PROBLEM =
Every line below must be copied as written, except for pictures.

===== SOURCE INFORMATION =====

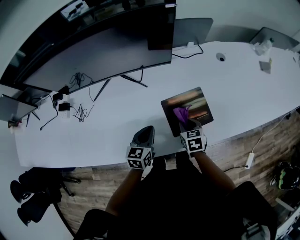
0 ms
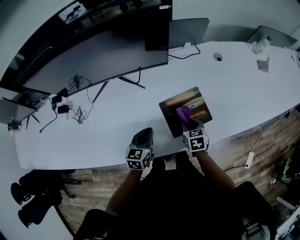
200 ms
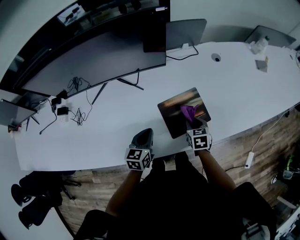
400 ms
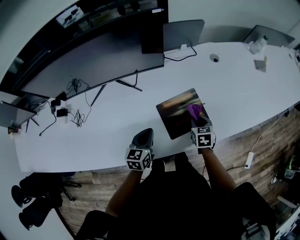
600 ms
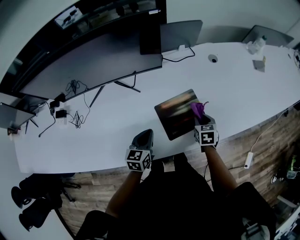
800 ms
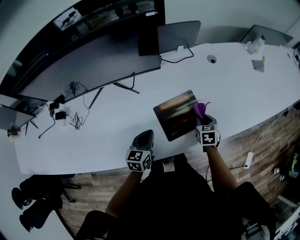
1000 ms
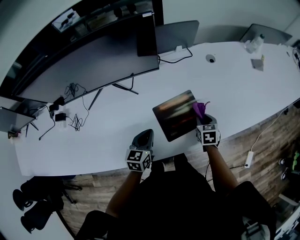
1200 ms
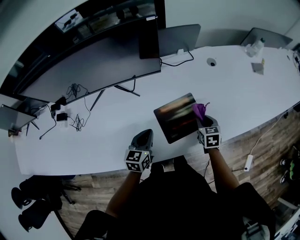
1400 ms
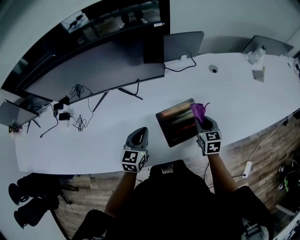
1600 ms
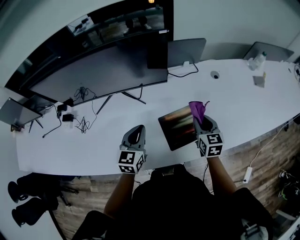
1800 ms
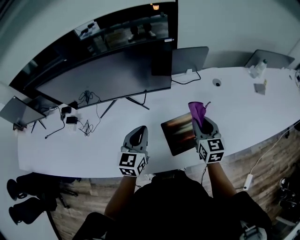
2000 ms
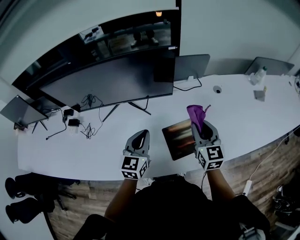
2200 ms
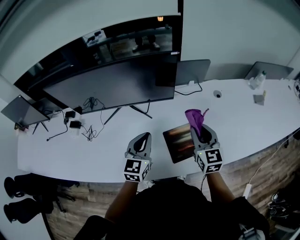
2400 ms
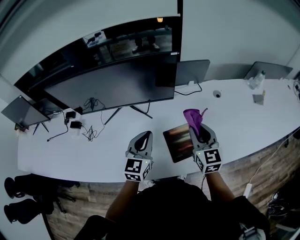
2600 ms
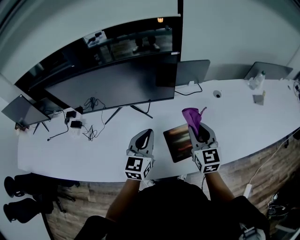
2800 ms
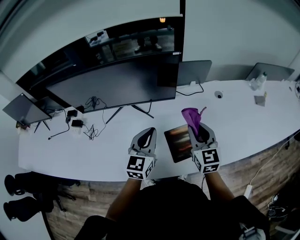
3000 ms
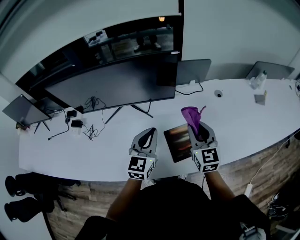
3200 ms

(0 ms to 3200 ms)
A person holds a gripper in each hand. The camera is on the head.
0 ms - 1600 ms: The right gripper shifts roughly 15 cm to the right, upward and forward. The left gripper goes roughly 5 cm upward.
1600 ms - 3200 ms: The left gripper travels upward by about 15 cm; the right gripper moves upward and to the left, some 20 cm, and changes its angle by about 30 degrees.

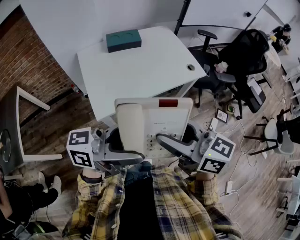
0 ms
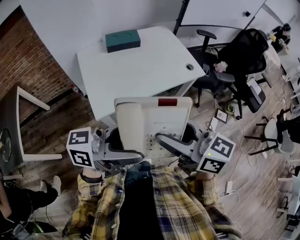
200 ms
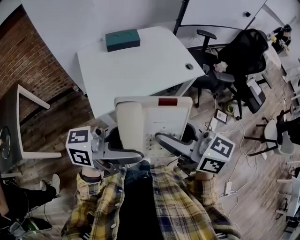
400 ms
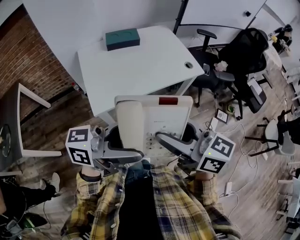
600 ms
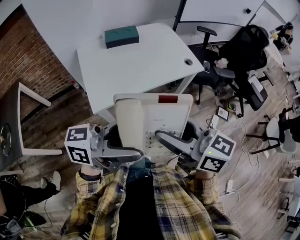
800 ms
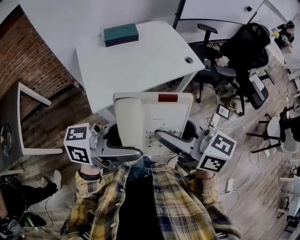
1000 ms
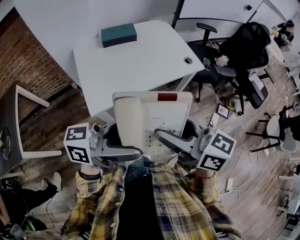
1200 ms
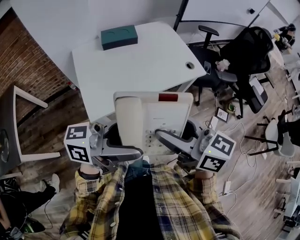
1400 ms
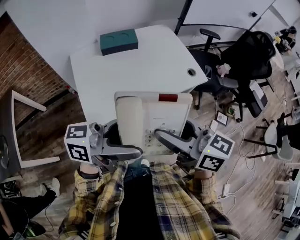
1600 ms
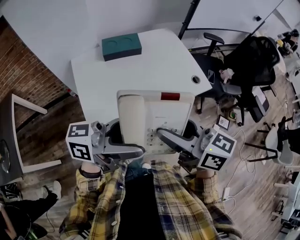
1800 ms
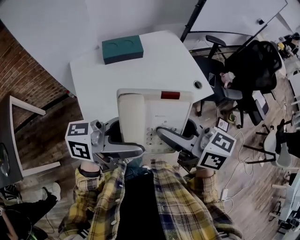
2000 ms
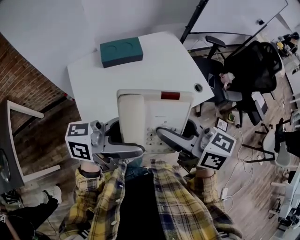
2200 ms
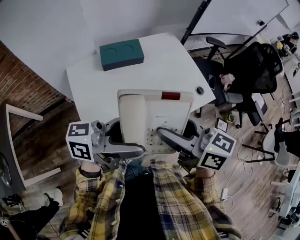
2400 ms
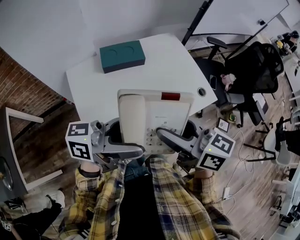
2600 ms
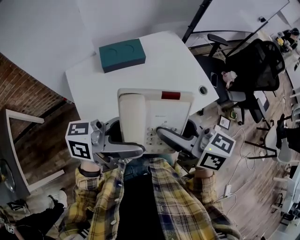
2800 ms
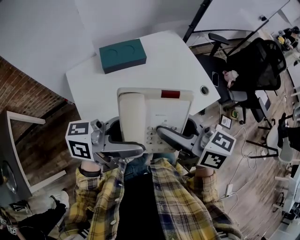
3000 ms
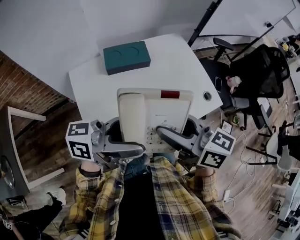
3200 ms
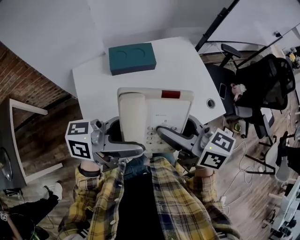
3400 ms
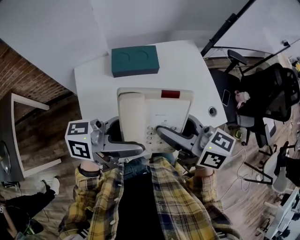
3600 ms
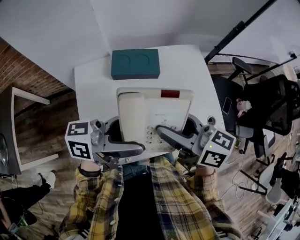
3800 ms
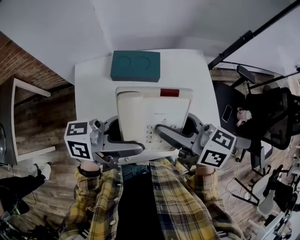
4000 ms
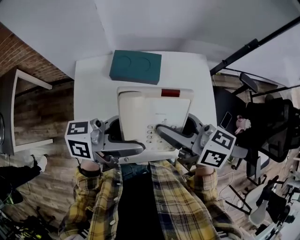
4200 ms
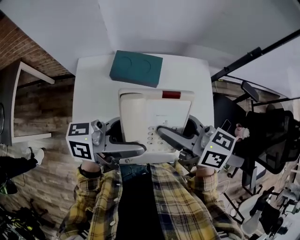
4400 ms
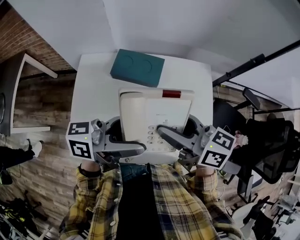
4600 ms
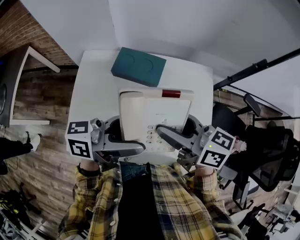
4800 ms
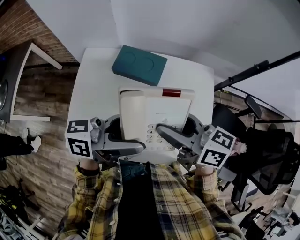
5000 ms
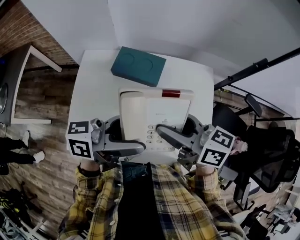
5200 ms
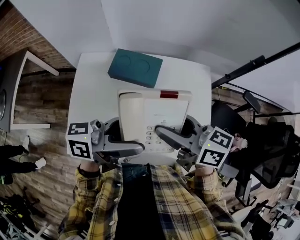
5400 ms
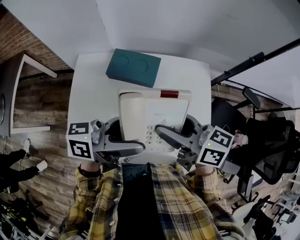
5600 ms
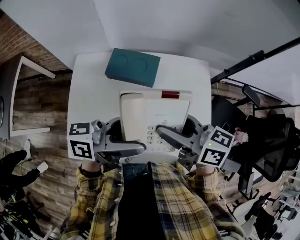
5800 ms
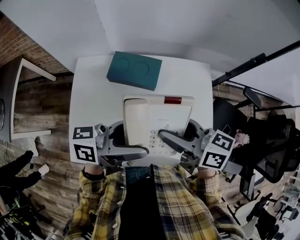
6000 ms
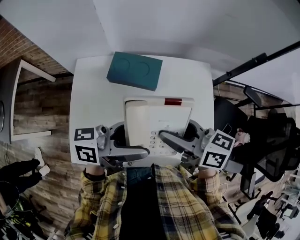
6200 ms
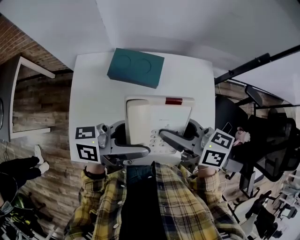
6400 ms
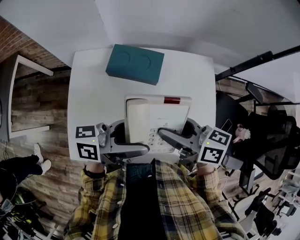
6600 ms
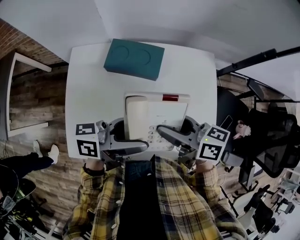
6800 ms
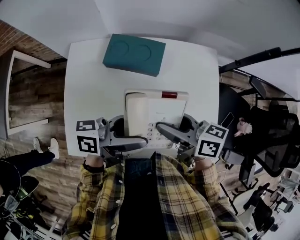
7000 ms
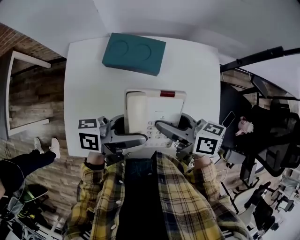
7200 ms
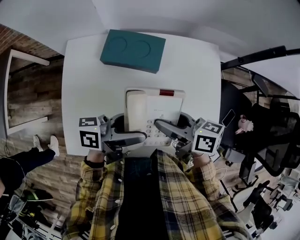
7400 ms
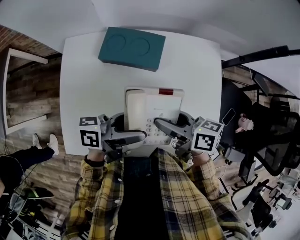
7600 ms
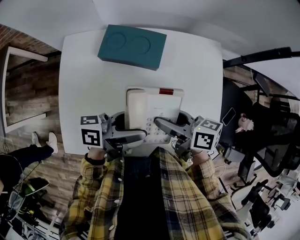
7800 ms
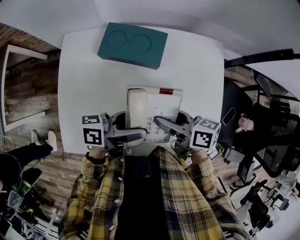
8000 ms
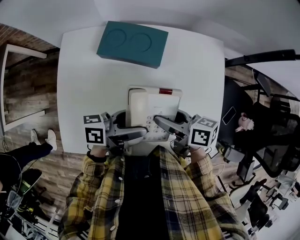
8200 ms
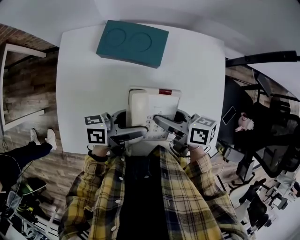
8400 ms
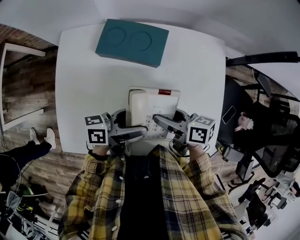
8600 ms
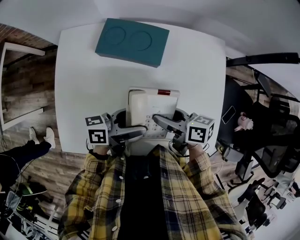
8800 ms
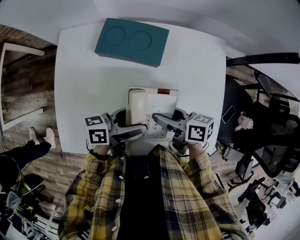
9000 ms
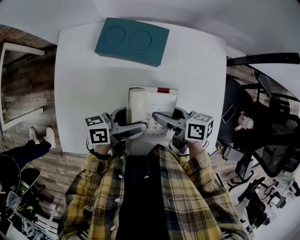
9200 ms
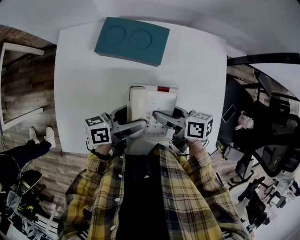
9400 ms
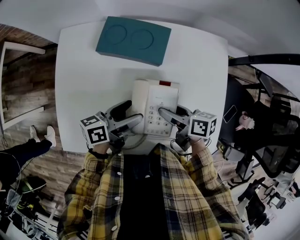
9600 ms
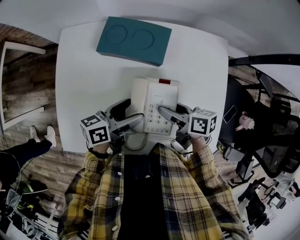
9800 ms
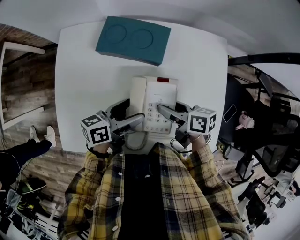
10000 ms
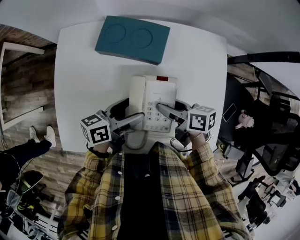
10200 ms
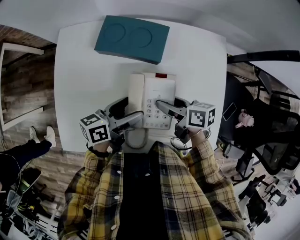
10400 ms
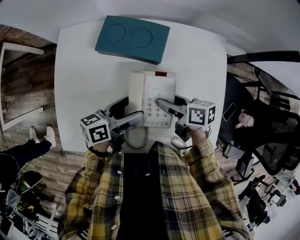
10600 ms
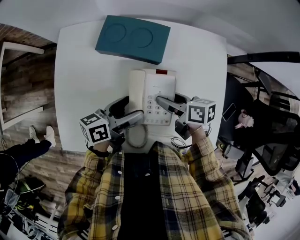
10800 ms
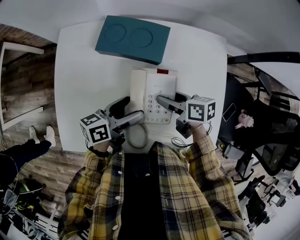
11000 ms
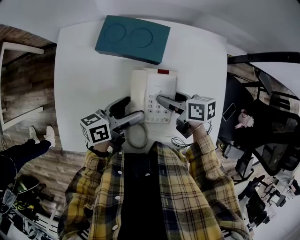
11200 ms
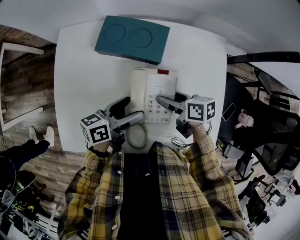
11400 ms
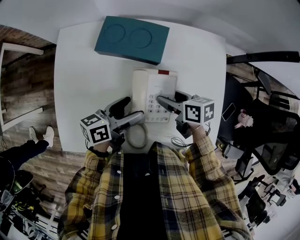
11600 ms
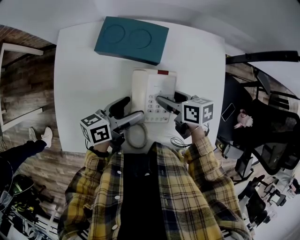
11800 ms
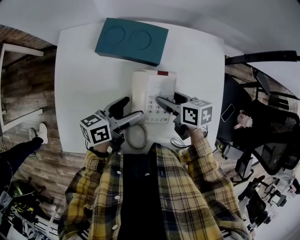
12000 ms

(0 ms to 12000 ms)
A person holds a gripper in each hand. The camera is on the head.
0 ms - 1600 ms: The right gripper moves some 10 cm. Meanwhile the left gripper shifts by approximately 10 cm.
1600 ms - 3000 ms: The right gripper changes place by roughly 20 cm. Meanwhile the left gripper changes place by about 20 cm.
3000 ms - 4400 ms: The right gripper ends up some 20 cm from where it was, and swivels some 30 degrees, while the left gripper shifts by about 20 cm, and turns by some 30 degrees.
4400 ms - 6000 ms: The grippers move only a little.
6000 ms - 7600 ms: The two grippers go approximately 15 cm downward.
7600 ms - 9000 ms: The grippers both shift downward by roughly 10 cm.
9000 ms - 10400 ms: The grippers stay close to where they were, moving slightly.
10400 ms - 12000 ms: There are only small adjustments of the grippers.

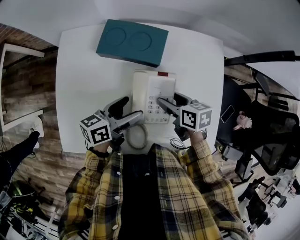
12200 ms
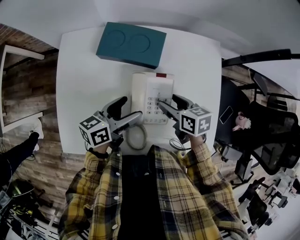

=====

OUTPUT BELOW =
0 ms
200 ms
400 ms
600 ms
800 ms
1000 ms
1200 ms
1400 ms
1600 ms
1800 ms
2000 ms
2200 ms
2400 ms
2600 ms
2800 ms
3000 ms
3200 ms

(0 ms to 3200 ms)
A person holds a gripper in each hand. The camera is on the head.
0 ms - 1600 ms: The right gripper shifts roughly 15 cm to the right, upward and forward. The left gripper goes roughly 5 cm upward.
1600 ms - 3200 ms: The left gripper travels upward by about 15 cm; the right gripper moves upward and to the left, some 20 cm, and changes its angle by about 30 degrees.

0 ms
200 ms
400 ms
600 ms
800 ms
1000 ms
1200 ms
1400 ms
1600 ms
1800 ms
2000 ms
2200 ms
2400 ms
2600 ms
2800 ms
3000 ms
3200 ms
3400 ms
3600 ms
3800 ms
4000 ms
4200 ms
4400 ms
4600 ms
4800 ms
5000 ms
5200 ms
5400 ms
5600 ms
5800 ms
6000 ms
6200 ms
6400 ms
6600 ms
6800 ms
7000 ms
7200 ms
7400 ms
7600 ms
7800 ms
8000 ms
8200 ms
8400 ms
8600 ms
8800 ms
9000 ms
9200 ms
9400 ms
9600 ms
9800 ms
10000 ms
10200 ms
10400 ms
10600 ms
10800 ms
11000 ms
11200 ms
11400 ms
11600 ms
11800 ms
12000 ms

(0 ms to 12000 ms)
A person holds a gripper in each hand. The camera is on the head.
0 ms - 1600 ms: The right gripper moves some 10 cm. Meanwhile the left gripper shifts by approximately 10 cm.
1600 ms - 3000 ms: The right gripper changes place by roughly 20 cm. Meanwhile the left gripper changes place by about 20 cm.
3000 ms - 4400 ms: The right gripper ends up some 20 cm from where it was, and swivels some 30 degrees, while the left gripper shifts by about 20 cm, and turns by some 30 degrees.
4400 ms - 6000 ms: The grippers move only a little.
6000 ms - 7600 ms: The two grippers go approximately 15 cm downward.
7600 ms - 9000 ms: The grippers both shift downward by roughly 10 cm.
9000 ms - 10400 ms: The grippers stay close to where they were, moving slightly.
10400 ms - 12000 ms: There are only small adjustments of the grippers.

12200 ms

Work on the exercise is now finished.